Resolusi yang disetujui pada Kamis, 18 Juni lalu, secara eksplisit melarang anak-anak berusia di bawah 15 tahun untuk membuat, menggunakan, atau mengoperasikan akun media sosial pribadi. Larangan ini mencakup seluruh aktivitas daring, mulai dari memposting konten, memberikan komentar, berbagi informasi, hingga bergabung dalam grup publik di berbagai platform media sosial yang beroperasi di wilayah UEA.
Bagi remaja yang berusia 15 hingga 16 tahun, kebijakan baru ini masih memperbolehkan mereka untuk mengakses media sosial, namun dengan penerapan perlindungan yang lebih ketat. Perlindungan tersebut mencakup kontrol konten yang disesuaikan dengan usia, pembatasan interaksi dengan pengguna yang tidak dikenal, alat manajemen waktu layar yang efektif, serta fitur pengawasan orang tua yang ditingkatkan.
Perusahaan penyedia platform media sosial diwajibkan untuk mematuhi regulasi ini dengan menerapkan mekanisme verifikasi usia yang andal. Verifikasi ini tidak hanya sebatas deklarasi mandiri usia oleh pengguna, melainkan harus melalui pemeriksaan identitas digital yang kuat dan pemanfaatan teknologi berbasis kecerdasan buatan (AI).
Lebih lanjut, platform media sosial bertanggung jawab untuk menonaktifkan akun yang teridentifikasi dibuat oleh anak di bawah usia 15 tahun. Mereka juga dilarang membuat celah yang memungkinkan pengguna untuk menghindari sistem verifikasi usia. Perlindungan data pribadi anak-anak menjadi prioritas utama, sehingga perusahaan dilarang menggunakan informasi pribadi mereka untuk tujuan periklanan bertarget maupun pembuatan profil perilaku.
Pemerintah UEA menegaskan bahwa kebijakan ini dirancang untuk mengatasi berbagai kekhawatiran mendesak, seperti paparan anak-anak terhadap konten yang tidak pantas, risiko interaksi daring yang tidak aman, potensi penggunaan media sosial secara berlebihan, serta isu pengumpulan data pribadi anak. Perusahaan media sosial diberikan tenggat waktu selama 12 bulan untuk sepenuhnya mematuhi regulasi baru ini.
Langkah UEA ini sejalan dengan upaya internasional yang terus gencar dilakukan untuk memperkuat perlindungan anak di ruang siber. Kebijakan ini berupaya menciptakan keseimbangan antara memberikan akses digital bagi generasi muda dengan memastikan keamanan dan kesejahteraan mereka.
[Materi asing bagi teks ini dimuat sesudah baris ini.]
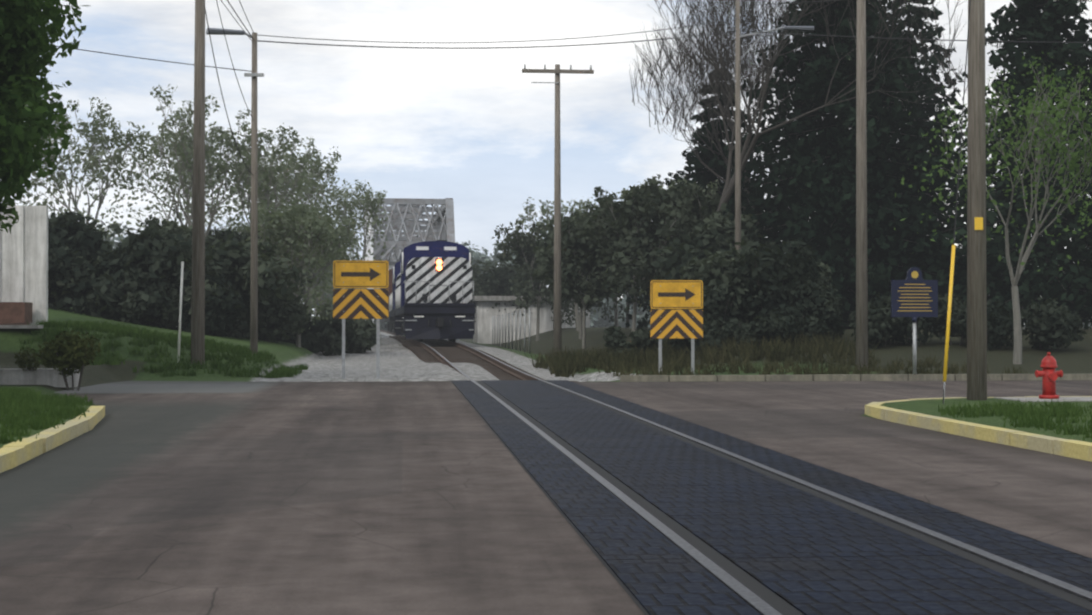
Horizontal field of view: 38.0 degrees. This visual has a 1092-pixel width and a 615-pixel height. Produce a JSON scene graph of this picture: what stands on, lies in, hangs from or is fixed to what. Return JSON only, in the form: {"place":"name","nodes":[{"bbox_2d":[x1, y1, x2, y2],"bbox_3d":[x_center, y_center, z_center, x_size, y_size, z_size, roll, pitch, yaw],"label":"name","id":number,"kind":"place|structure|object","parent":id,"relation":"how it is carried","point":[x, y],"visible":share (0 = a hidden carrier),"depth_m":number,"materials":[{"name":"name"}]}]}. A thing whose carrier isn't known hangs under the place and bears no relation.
{"place":"outdoors","nodes":[
{"label":"outdoors","id":0,"kind":"place"},
{"bbox_2d":[0,380,1091,614],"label":"road asphalt","id":1,"kind":"structure","parent":0,"point":[284,498],"depth_m":11.47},
{"bbox_2d":[452,380,1091,614],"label":"block paving","id":2,"kind":"object","parent":1,"relation":"on","point":[804,552],"visible":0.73,"depth_m":9.35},
{"bbox_2d":[451,381,1091,614],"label":"flangeway base","id":3,"kind":"object","parent":2,"relation":"in","point":[766,594],"visible":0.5,"depth_m":9.28,"materials":[{"name":"black"}]},
{"bbox_2d":[0,307,1091,433],"bbox_3d":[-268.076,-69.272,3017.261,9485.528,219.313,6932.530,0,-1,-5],"label":"terrain","id":4,"kind":"structure","parent":0,"point":[399,361],"depth_m":42.58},
{"bbox_2d":[0,302,32,324],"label":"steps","id":5,"kind":"structure","parent":4,"relation":"on","point":[16,313],"depth_m":42.56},
{"bbox_2d":[0,205,47,324],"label":"white wall","id":6,"kind":"structure","parent":4,"relation":"on","point":[24,261],"depth_m":43.70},
{"bbox_2d":[0,64,75,233],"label":"tree","id":7,"kind":"object","parent":4,"relation":"on","point":[37,110],"visible":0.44,"depth_m":27.46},
{"bbox_2d":[0,0,89,230],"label":"tree leaves","id":8,"kind":"object","parent":7,"relation":"attached to","point":[23,34],"visible":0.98,"depth_m":28.42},
{"bbox_2d":[15,145,69,216],"bbox_3d":[-23.152,-4.804,64.056,6.930,7.378,6.316,0,-1,22],"label":"tree","id":9,"kind":"object","parent":4,"relation":"on","point":[42,184],"visible":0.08,"depth_m":64.76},
{"bbox_2d":[0,393,93,447],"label":"lawn edge","id":10,"kind":"object","parent":4,"relation":"on","point":[33,432],"visible":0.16,"depth_m":16.49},
{"bbox_2d":[48,236,80,309],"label":"bush","id":11,"kind":"object","parent":4,"relation":"on","point":[55,267],"depth_m":50.79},
{"bbox_2d":[36,330,101,390],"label":"shrub","id":12,"kind":"object","parent":4,"relation":"on","point":[71,359],"depth_m":27.34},
{"bbox_2d":[48,249,111,313],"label":"bush","id":13,"kind":"object","parent":4,"relation":"on","point":[82,266],"depth_m":51.00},
{"bbox_2d":[48,214,117,315],"bbox_3d":[-15.561,-0.532,52.504,5.472,5.207,6.059,0,-1,-5],"label":"bush","id":14,"kind":"object","parent":4,"relation":"on","point":[81,243],"depth_m":51.69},
{"bbox_2d":[48,211,93,243],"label":"tree sprig leaves","id":15,"kind":"object","parent":14,"relation":"attached to","point":[69,217],"visible":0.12,"depth_m":52.27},
{"bbox_2d":[48,215,135,250],"bbox_3d":[-17.910,-1.126,58.091,5.562,4.860,5.681,0,-1,-5],"label":"tree","id":16,"kind":"object","parent":4,"relation":"on","point":[116,228],"depth_m":58.51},
{"bbox_2d":[19,108,169,250],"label":"tree","id":17,"kind":"object","parent":4,"relation":"on","point":[77,160],"depth_m":68.53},
{"bbox_2d":[17,97,153,202],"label":"bud sprig leaves","id":18,"kind":"object","parent":17,"relation":"attached to","point":[116,137],"visible":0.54,"depth_m":68.66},
{"bbox_2d":[86,267,172,323],"bbox_3d":[-13.090,-0.347,49.820,2.723,1.874,2.548,0,-1,-5],"label":"bush","id":19,"kind":"object","parent":4,"relation":"on","point":[126,305],"depth_m":49.31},
{"bbox_2d":[79,225,216,334],"bbox_3d":[-12.749,-0.280,50.865,4.484,4.819,4.775,0,-1,-5],"label":"bush","id":20,"kind":"object","parent":4,"relation":"on","point":[154,264],"depth_m":50.05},
{"bbox_2d":[98,227,179,273],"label":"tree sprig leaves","id":21,"kind":"object","parent":20,"relation":"attached to","point":[125,251],"visible":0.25,"depth_m":50.74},
{"bbox_2d":[18,319,308,377],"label":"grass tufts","id":22,"kind":"object","parent":4,"relation":"on","point":[241,352],"depth_m":36.76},
{"bbox_2d":[123,217,205,274],"bbox_3d":[-14.355,-0.632,60.744,5.013,5.682,4.917,0,-1,-5],"label":"bush","id":23,"kind":"object","parent":4,"relation":"on","point":[187,236],"visible":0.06,"depth_m":60.04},
{"bbox_2d":[140,214,182,233],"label":"tree sprig leaves","id":24,"kind":"object","parent":23,"relation":"attached to","point":[153,221],"visible":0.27,"depth_m":60.04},
{"bbox_2d":[114,125,245,232],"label":"tree","id":25,"kind":"object","parent":4,"relation":"on","point":[170,200],"depth_m":82.51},
{"bbox_2d":[128,120,228,186],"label":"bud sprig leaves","id":26,"kind":"object","parent":25,"relation":"attached to","point":[174,143],"visible":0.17,"depth_m":82.52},
{"bbox_2d":[139,277,220,329],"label":"bush","id":27,"kind":"object","parent":4,"relation":"on","point":[166,322],"depth_m":50.26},
{"bbox_2d":[177,262,183,362],"bbox_3d":[-8.322,0.106,36.117,0.142,2.302,0.060,0,-1,-5],"label":"pvc riser","id":28,"kind":"object","parent":4,"relation":"on","point":[180,307],"visible":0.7,"depth_m":36.10,"materials":[{"name":"white"}]},
{"bbox_2d":[104,89,273,238],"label":"tree","id":29,"kind":"object","parent":4,"relation":"on","point":[213,152],"depth_m":71.96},
{"bbox_2d":[107,84,264,167],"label":"bud sprig leaves","id":30,"kind":"object","parent":29,"relation":"attached to","point":[189,124],"visible":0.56,"depth_m":72.12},
{"bbox_2d":[177,270,245,336],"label":"bush","id":31,"kind":"object","parent":4,"relation":"on","point":[225,308],"depth_m":50.68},
{"bbox_2d":[182,159,303,233],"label":"tree","id":32,"kind":"object","parent":4,"relation":"on","point":[231,225],"depth_m":92.03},
{"bbox_2d":[185,233,303,342],"bbox_3d":[-10.747,-0.371,53.901,5.045,4.329,4.711,0,-1,-5],"label":"bush","id":33,"kind":"object","parent":4,"relation":"on","point":[234,266],"depth_m":53.04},
{"bbox_2d":[205,238,276,255],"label":"tree sprig leaves","id":34,"kind":"object","parent":33,"relation":"attached to","point":[236,245],"visible":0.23,"depth_m":54.40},
{"bbox_2d":[189,228,312,316],"bbox_3d":[-12.340,-1.008,63.544,5.977,4.221,4.490,0,-1,-5],"label":"bush","id":35,"kind":"object","parent":4,"relation":"on","point":[228,232],"visible":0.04,"depth_m":62.42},
{"bbox_2d":[190,131,344,239],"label":"tree","id":36,"kind":"object","parent":4,"relation":"on","point":[281,180],"depth_m":73.95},
{"bbox_2d":[206,121,340,191],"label":"bud sprig leaves","id":37,"kind":"object","parent":36,"relation":"attached to","point":[282,146],"visible":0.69,"depth_m":73.68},
{"bbox_2d":[238,293,310,342],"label":"bush","id":38,"kind":"object","parent":4,"relation":"on","point":[290,319],"depth_m":55.24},
{"bbox_2d":[238,210,353,347],"bbox_3d":[-8.753,-1.096,56.911,4.515,5.239,5.168,0,-1,-5],"label":"tree","id":39,"kind":"object","parent":4,"relation":"on","point":[300,246],"depth_m":56.26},
{"bbox_2d":[248,199,338,249],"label":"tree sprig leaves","id":40,"kind":"object","parent":39,"relation":"attached to","point":[320,223],"visible":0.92,"depth_m":55.90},
{"bbox_2d":[260,144,368,321],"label":"tree","id":41,"kind":"object","parent":4,"relation":"on","point":[328,201],"depth_m":86.51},
{"bbox_2d":[265,135,368,214],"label":"bud sprig leaves","id":42,"kind":"object","parent":41,"relation":"attached to","point":[333,179],"visible":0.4,"depth_m":86.55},
{"bbox_2d":[275,313,356,355],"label":"bush","id":43,"kind":"object","parent":4,"relation":"on","point":[324,336],"visible":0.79,"depth_m":58.79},
{"bbox_2d":[270,220,364,316],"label":"tree","id":44,"kind":"object","parent":4,"relation":"on","point":[330,270],"depth_m":66.80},
{"bbox_2d":[271,199,359,252],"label":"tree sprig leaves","id":45,"kind":"object","parent":44,"relation":"attached to","point":[350,233],"visible":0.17,"depth_m":66.80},
{"bbox_2d":[286,238,360,313],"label":"tree","id":46,"kind":"object","parent":4,"relation":"on","point":[317,292],"depth_m":76.77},
{"bbox_2d":[312,303,380,352],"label":"bush","id":47,"kind":"object","parent":4,"relation":"on","point":[364,340],"depth_m":61.61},
{"bbox_2d":[312,179,394,288],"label":"tree","id":48,"kind":"object","parent":4,"relation":"on","point":[363,223],"depth_m":98.46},
{"bbox_2d":[315,175,387,217],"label":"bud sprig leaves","id":49,"kind":"object","parent":48,"relation":"attached to","point":[372,203],"visible":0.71,"depth_m":98.22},
{"bbox_2d":[333,260,388,378],"bbox_3d":[-4.110,0.369,35.214,1.220,2.820,0.073,0,-1,-5],"label":"arrow sign","id":50,"kind":"object","parent":4,"relation":"on","point":[360,274],"visible":0.96,"depth_m":35.20,"materials":[{"name":"yellow"}]},
{"bbox_2d":[333,289,387,318],"bbox_3d":[-4.108,-0.081,35.201,1.220,0.660,0.020,0,-1,-5],"label":"sign panel","id":51,"kind":"object","parent":50,"relation":"attached to","point":[360,304],"visible":1,"depth_m":35.19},
{"bbox_2d":[364,197,459,339],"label":"truss bridge","id":52,"kind":"structure","parent":4,"relation":"on","point":[406,215],"depth_m":111.05,"materials":[{"name":"silver metal"}]},
{"bbox_2d":[389,336,545,380],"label":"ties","id":53,"kind":"object","parent":4,"relation":"on","point":[452,354],"visible":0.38,"depth_m":55.11,"materials":[{"name":"brown wood"}]},
{"bbox_2d":[380,330,1091,614],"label":"rails","id":54,"kind":"object","parent":53,"relation":"on","point":[746,595],"visible":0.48,"depth_m":10.16,"materials":[{"name":"metal"}]},
{"bbox_2d":[385,269,395,332],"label":"boxcar","id":55,"kind":"object","parent":54,"relation":"on","point":[390,319],"visible":0.1,"depth_m":106.20,"materials":[{"name":"black metal"}]},
{"bbox_2d":[389,261,405,336],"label":"train car","id":56,"kind":"object","parent":54,"relation":"on","point":[396,280],"visible":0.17,"depth_m":89.77,"materials":[{"name":"blue metal"}]},
{"bbox_2d":[395,240,474,341],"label":"locomotive","id":57,"kind":"object","parent":54,"relation":"on","point":[434,295],"visible":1,"depth_m":68.24,"materials":[{"name":"blue metal"}]},
{"bbox_2d":[471,258,501,302],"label":"tree","id":58,"kind":"object","parent":4,"relation":"on","point":[477,271],"depth_m":110.89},
{"bbox_2d":[472,264,532,321],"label":"bush","id":59,"kind":"object","parent":4,"relation":"on","point":[498,284],"depth_m":99.21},
{"bbox_2d":[478,261,524,284],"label":"tree sprig leaves","id":60,"kind":"object","parent":59,"relation":"attached to","point":[496,264],"visible":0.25,"depth_m":99.82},
{"bbox_2d":[492,309,530,353],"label":"fence","id":61,"kind":"object","parent":4,"relation":"on","point":[520,324],"visible":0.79,"depth_m":71.92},
{"bbox_2d":[491,222,553,340],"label":"tree","id":62,"kind":"object","parent":4,"relation":"on","point":[520,260],"depth_m":85.85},
{"bbox_2d":[494,216,553,252],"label":"tree sprig leaves","id":63,"kind":"object","parent":62,"relation":"attached to","point":[505,249],"visible":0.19,"depth_m":86.35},
{"bbox_2d":[472,296,589,343],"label":"wall","id":64,"kind":"structure","parent":4,"relation":"on","point":[483,325],"depth_m":97.99,"materials":[{"name":"white painted wood"}]},
{"bbox_2d":[0,384,1091,443],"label":"lawn grass tufts","id":65,"kind":"object","parent":4,"relation":"on","point":[22,407],"depth_m":18.76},
{"bbox_2d":[0,396,1091,472],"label":"kerbs","id":66,"kind":"structure","parent":4,"relation":"on","point":[14,454],"depth_m":16.25,"materials":[{"name":"paint"}]},
{"bbox_2d":[0,325,1091,401],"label":"sidewalks","id":67,"kind":"structure","parent":4,"relation":"on","point":[53,377],"depth_m":29.44,"materials":[{"name":"concrete"}]},
{"bbox_2d":[14,348,39,370],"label":"small shrub leaves","id":68,"kind":"object","parent":67,"relation":"on","point":[23,360],"visible":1,"depth_m":29.30,"materials":[{"name":"green plant"}]},
{"bbox_2d":[1035,352,1062,398],"bbox_3d":[7.325,0.989,23.080,0.378,0.674,0.324,0,-1,-5],"label":"fire hydrant","id":69,"kind":"object","parent":67,"relation":"on","point":[1049,374],"visible":1,"depth_m":23.02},
{"bbox_2d":[515,201,588,330],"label":"budding tree","id":70,"kind":"object","parent":4,"relation":"on","point":[576,316],"depth_m":84.44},
{"bbox_2d":[508,256,605,325],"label":"bush","id":71,"kind":"object","parent":4,"relation":"on","point":[567,309],"depth_m":94.17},
{"bbox_2d":[532,212,616,338],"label":"tree","id":72,"kind":"object","parent":4,"relation":"on","point":[542,242],"depth_m":71.66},
{"bbox_2d":[532,226,633,348],"bbox_3d":[1.561,-0.818,62.671,4.130,5.065,3.471,0,-1,-5],"label":"tree","id":73,"kind":"object","parent":4,"relation":"on","point":[583,260],"depth_m":61.85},
{"bbox_2d":[191,0,986,399],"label":"utility poles","id":74,"kind":"object","parent":4,"relation":"on","point":[977,262],"visible":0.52,"depth_m":36.22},
{"bbox_2d":[39,0,1091,403],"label":"overhead wires","id":75,"kind":"object","parent":74,"relation":"attached to","point":[561,46],"visible":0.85,"depth_m":43.11,"materials":[{"name":"black"}]},
{"bbox_2d":[943,245,955,381],"bbox_3d":[5.613,0.075,22.084,0.052,1.907,0.412,0,-1,35],"label":"guy guard","id":76,"kind":"object","parent":75,"relation":"attached to","point":[949,314],"visible":0.96,"depth_m":22.06,"materials":[{"name":"yellow"}]},
{"bbox_2d":[244,27,944,396],"bbox_3d":[0.004,-4.227,38.869,15.838,11.694,32.678,0,-1,6],"label":"pole hardware","id":77,"kind":"object","parent":74,"relation":"attached to","point":[590,69],"visible":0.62,"depth_m":50.68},
{"bbox_2d":[206,26,813,34],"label":"street luminaires","id":78,"kind":"object","parent":77,"relation":"attached to","point":[216,31],"visible":0.9,"depth_m":40.66,"materials":[{"name":"grey"}]},
{"bbox_2d":[974,217,982,229],"bbox_3d":[6.225,-1.208,22.823,0.120,0.180,0.020,0,-1,-5],"label":"pole marker","id":79,"kind":"object","parent":74,"relation":"attached to","point":[978,223],"visible":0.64,"depth_m":22.81,"materials":[{"name":"yellow"}]},
{"bbox_2d":[98,223,1090,330],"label":"bushes","id":80,"kind":"object","parent":4,"relation":"on","point":[597,320],"depth_m":220.17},
{"bbox_2d":[572,209,632,326],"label":"tree","id":81,"kind":"object","parent":4,"relation":"on","point":[616,315],"depth_m":76.37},
{"bbox_2d":[585,256,649,327],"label":"bush","id":82,"kind":"object","parent":4,"relation":"on","point":[611,318],"depth_m":87.74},
{"bbox_2d":[602,325,663,356],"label":"bush","id":83,"kind":"object","parent":4,"relation":"on","point":[643,338],"depth_m":45.57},
{"bbox_2d":[579,193,701,332],"bbox_3d":[3.677,-1.615,58.636,4.704,5.750,4.293,0,-1,-5],"label":"tree","id":84,"kind":"object","parent":4,"relation":"on","point":[626,230],"depth_m":58.02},
{"bbox_2d":[589,184,696,245],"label":"tree sprig leaves","id":85,"kind":"object","parent":84,"relation":"attached to","point":[633,191],"visible":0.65,"depth_m":57.91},
{"bbox_2d":[650,280,702,373],"bbox_3d":[3.009,0.569,36.551,1.220,2.390,0.073,0,-1,-5],"label":"arrow sign","id":86,"kind":"object","parent":4,"relation":"on","point":[676,294],"visible":0.96,"depth_m":36.53,"materials":[{"name":"yellow"}]},
{"bbox_2d":[650,310,702,337],"bbox_3d":[3.011,0.383,36.535,1.220,0.660,0.020,0,-1,-5],"label":"chevron sign","id":87,"kind":"object","parent":86,"relation":"attached to","point":[676,323],"visible":1,"depth_m":36.52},
{"bbox_2d":[627,184,729,309],"bbox_3d":[4.790,-1.956,60.091,4.838,5.763,4.613,0,-1,-5],"label":"tree","id":88,"kind":"object","parent":4,"relation":"on","point":[673,196],"depth_m":58.95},
{"bbox_2d":[616,175,720,220],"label":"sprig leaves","id":89,"kind":"object","parent":88,"relation":"attached to","point":[624,190],"visible":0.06,"depth_m":64.52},
{"bbox_2d":[637,174,720,208],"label":"tree sprig leaves","id":90,"kind":"object","parent":88,"relation":"attached to","point":[653,181],"visible":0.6,"depth_m":58.89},
{"bbox_2d":[664,319,729,357],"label":"bush","id":91,"kind":"object","parent":4,"relation":"on","point":[711,329],"depth_m":44.13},
{"bbox_2d":[524,326,878,376],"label":"bank weeds","id":92,"kind":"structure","parent":4,"relation":"on","point":[565,363],"depth_m":42.78,"materials":[{"name":"green plant"}]},
{"bbox_2d":[625,73,783,329],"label":"evergreen","id":93,"kind":"object","parent":4,"relation":"on","point":[705,177],"depth_m":66.22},
{"bbox_2d":[648,219,775,309],"bbox_3d":[6.215,-1.241,56.706,5.178,4.259,4.444,0,-1,-5],"label":"tree","id":94,"kind":"object","parent":4,"relation":"on","point":[700,239],"depth_m":55.57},
{"bbox_2d":[688,286,750,338],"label":"bush","id":95,"kind":"object","parent":4,"relation":"on","point":[715,299],"depth_m":46.65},
{"bbox_2d":[679,240,783,324],"bbox_3d":[5.794,-0.505,48.234,3.455,3.047,3.433,0,-1,-5],"label":"bush","id":96,"kind":"object","parent":4,"relation":"on","point":[704,268],"depth_m":47.41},
{"bbox_2d":[723,313,789,347],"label":"bush","id":97,"kind":"object","parent":4,"relation":"on","point":[759,326],"depth_m":44.12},
{"bbox_2d":[719,238,822,322],"bbox_3d":[6.824,-0.538,47.444,3.269,3.205,3.315,0,-1,-5],"label":"bush","id":98,"kind":"object","parent":4,"relation":"on","point":[773,287],"depth_m":46.98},
{"bbox_2d":[629,2,927,247],"bbox_3d":[9.424,-5.663,64.328,12.218,13.282,11.642,0,-1,-5],"label":"bare tree","id":99,"kind":"object","parent":4,"relation":"on","point":[677,107],"depth_m":62.56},
{"bbox_2d":[634,0,967,219],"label":"bare tree","id":100,"kind":"object","parent":4,"relation":"on","point":[729,188],"depth_m":57.07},
{"bbox_2d":[588,352,1026,376],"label":"verge weeds","id":101,"kind":"object","parent":4,"relation":"on","point":[667,369],"visible":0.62,"depth_m":38.41,"materials":[{"name":"green plant"}]},
{"bbox_2d":[783,262,831,306],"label":"tree","id":102,"kind":"object","parent":4,"relation":"on","point":[825,277],"depth_m":48.97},
{"bbox_2d":[781,280,845,342],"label":"bush","id":103,"kind":"object","parent":4,"relation":"on","point":[822,301],"depth_m":46.43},
{"bbox_2d":[620,374,1091,381],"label":"kerb","id":104,"kind":"structure","parent":4,"relation":"on","point":[819,377],"depth_m":34.31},
{"bbox_2d":[713,0,1008,329],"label":"conifer tree","id":105,"kind":"object","parent":4,"relation":"on","point":[816,185],"depth_m":57.37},
{"bbox_2d":[848,296,906,348],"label":"bush","id":106,"kind":"object","parent":4,"relation":"on","point":[880,320],"depth_m":45.25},
{"bbox_2d":[869,292,951,345],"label":"bush","id":107,"kind":"object","parent":4,"relation":"on","point":[906,328],"depth_m":45.84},
{"bbox_2d":[891,267,937,373],"bbox_3d":[8.339,0.421,35.896,1.070,2.670,0.120,0,-1,-5],"label":"historical marker","id":108,"kind":"object","parent":4,"relation":"on","point":[914,295],"visible":0.96,"depth_m":35.87,"materials":[{"name":"blue metal"}]},
{"bbox_2d":[868,0,991,323],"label":"evergreen","id":109,"kind":"object","parent":4,"relation":"on","point":[928,112],"depth_m":66.86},
{"bbox_2d":[920,293,966,345],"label":"bush","id":110,"kind":"object","parent":4,"relation":"on","point":[958,309],"depth_m":46.04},
{"bbox_2d":[954,299,1022,350],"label":"bush","id":111,"kind":"object","parent":4,"relation":"on","point":[1000,331],"depth_m":45.23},
{"bbox_2d":[894,60,1091,363],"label":"tree","id":112,"kind":"object","parent":4,"relation":"on","point":[1057,146],"depth_m":41.45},
{"bbox_2d":[931,52,1091,162],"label":"tree sprig leaves","id":113,"kind":"object","parent":112,"relation":"attached to","point":[1033,99],"visible":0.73,"depth_m":40.92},
{"bbox_2d":[911,0,1091,329],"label":"evergreen","id":114,"kind":"object","parent":4,"relation":"on","point":[1054,25],"depth_m":55.47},
{"bbox_2d":[1020,296,1086,349],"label":"bush","id":115,"kind":"object","parent":4,"relation":"on","point":[1059,325],"depth_m":44.72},
{"bbox_2d":[3,0,1091,324],"label":"sky","id":116,"kind":"structure","parent":0,"point":[471,128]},
{"bbox_2d":[517,196,597,222],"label":"sprig leaves","id":117,"kind":"object","parent":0,"point":[546,209],"visible":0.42,"depth_m":83.73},
{"bbox_2d":[534,216,606,266],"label":"tree sprig leaves","id":118,"kind":"object","parent":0,"point":[564,227],"visible":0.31,"depth_m":62.10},
{"bbox_2d":[545,212,596,240],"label":"tree sprig leaves","id":119,"kind":"object","parent":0,"point":[551,221],"visible":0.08,"depth_m":70.90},
{"bbox_2d":[702,203,757,236],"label":"tree sprig leaves","id":120,"kind":"object","parent":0,"point":[719,216],"visible":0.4,"depth_m":55.56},
{"bbox_2d":[880,398,1091,442],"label":"island lawn","id":121,"kind":"structure","parent":0,"point":[928,407],"depth_m":19.64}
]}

Tren pembatasan usia di platform digital bukan hanya terjadi di UEA. Beberapa negara lain juga telah menerapkan kebijakan serupa. Di Indonesia, misalnya, telah ada Peraturan Pemerintah (PP) Nomor 17 Tahun 2025 yang dikenal sebagai PP Tunas. Aturan ini secara spesifik mewajibkan penyelenggara sistem elektronik (PSE) untuk menyaring konten yang berpotensi membahayakan anak-anak, menyediakan mekanisme pelaporan yang mudah diakses, serta memastikan proses remediasi yang cepat dan transparan.
Sementara itu, Australia juga dijadwalkan akan menerapkan aturan serupa pada akhir tahun 2025. Kebijakan ini menunjukkan adanya kesadaran global yang meningkat mengenai pentingnya melindungi anak-anak dari berbagai risiko yang ada di lingkungan digital.
Regulasi baru di UEA ini juga menekankan pentingnya perusahaan media sosial untuk tidak memanfaatkan data pribadi anak-anak. Hal ini mencakup larangan penggunaan data untuk tujuan periklanan bertarget atau pembuatan profil perilaku yang dapat mengeksploitasi kerentanan anak.
Pemerintah UEA berkomitmen untuk terus mengevaluasi dan memperkuat kerangka hukum perlindungan anak di dunia maya. Tujuannya adalah untuk menciptakan ekosistem digital yang lebih aman bagi generasi muda, sekaligus memungkinkan mereka untuk memanfaatkan teknologi secara positif dan produktif.
Perusahaan media sosial yang beroperasi di UEA diharapkan dapat segera beradaptasi dengan regulasi ini. Upaya verifikasi usia yang efektif, penguatan fitur keamanan, dan kepatuhan terhadap privasi data anak akan menjadi kunci keberhasilan implementasi kebijakan ini.